KAP political donations reach over $2m during financial year

Political party funding figures released by the Australian Electoral Commission on Friday showed KAP drew its cash from a variety of sources.
Political party funding figures released by the Australian Electoral Commission on Friday showed KAP drew its cash from a variety of sources. Megan Pope

KATTER'S Australian Party received more than $1 million in political donations during the 2011/12 financial year.

In all, the party pocketed more than $2 million in donations and other payments, including a bank loan of almost $1 million from Westpac.

Political party funding figures released by the Australian Electoral Commission on Friday showed KAP drew its cash from a variety of sources.

The biggest single donor was Treysta Pty Ltd, a wholly-owned subsidiary of James Packer's Consolidated Press Holdings, which gave $250,000 to the KAP cause.

Businessman Ross Palmer, from Victoria Point, Queensland, was next with a donation of $100,000 to the party's coffers.

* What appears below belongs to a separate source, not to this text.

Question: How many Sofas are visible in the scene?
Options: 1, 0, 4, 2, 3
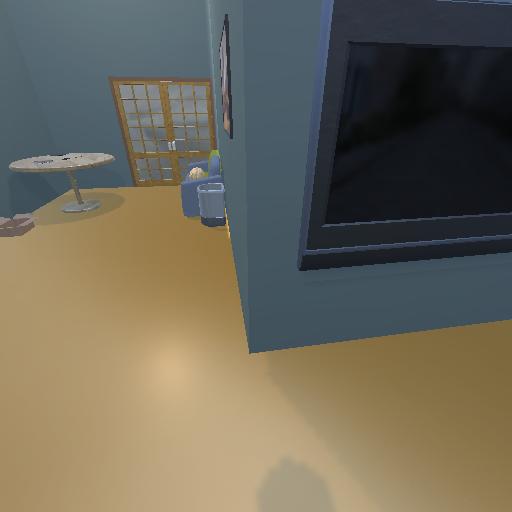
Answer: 1

In an interview with the ABC in March last year, KAP founder and Kennedy MP Bob Katter said Mr Palmer was one of the party's "biggest backers".

Shooting groups, unions and a company owned by advertising tycoon John Singleton were also significant contributors to KAP.

The Queensland branch of the Sporting Shooters' Association of Australia ($95,000), the Firearms Dealers' Association of Queensland ($30,700) and the Queensland Military Rifle Club ($15,000) gave a combined $140,700 to the party.

Nioa Nominees also made two contributions to KAP worth a total of more than $48,000.

NIOA is a Banyo-based company that describes itself as "Australia's leading privately-owned small arms supplier with access to extensive international resources and capabilities.

"It was established more than a quarter of a century ago and claims to be the country's "largest privately-owned supplier of small arms to the commercial, law enforcement and military markets".

Interestingly, the Victorian branch of the Electrical Trade Union and the Construction, Forestry, Mining and Electrical Union each donated $50,000 to the party. It was a donation matched by Mr Singleton's company Ognis.

KAP, which was formed by Mr Katter in June 2001, was in the headlines for all the wrong reasons last week after some of its federal election candidates made homophobic remarks.

Former KAP national secretary and Senate hopeful Bernard Gaynor was suspended by the party's national executive after he tweeted he would not want a homosexual teaching his children.

In Victoria, Tess Corbett withdrew her candidacy for the lower house after she linked homosexuality to pedophilia in an interview with her local newspaper.

KAP hopes to field a candidate in every federal seat at the September election as well as running for the Senate in each state, with the exception of South Australia.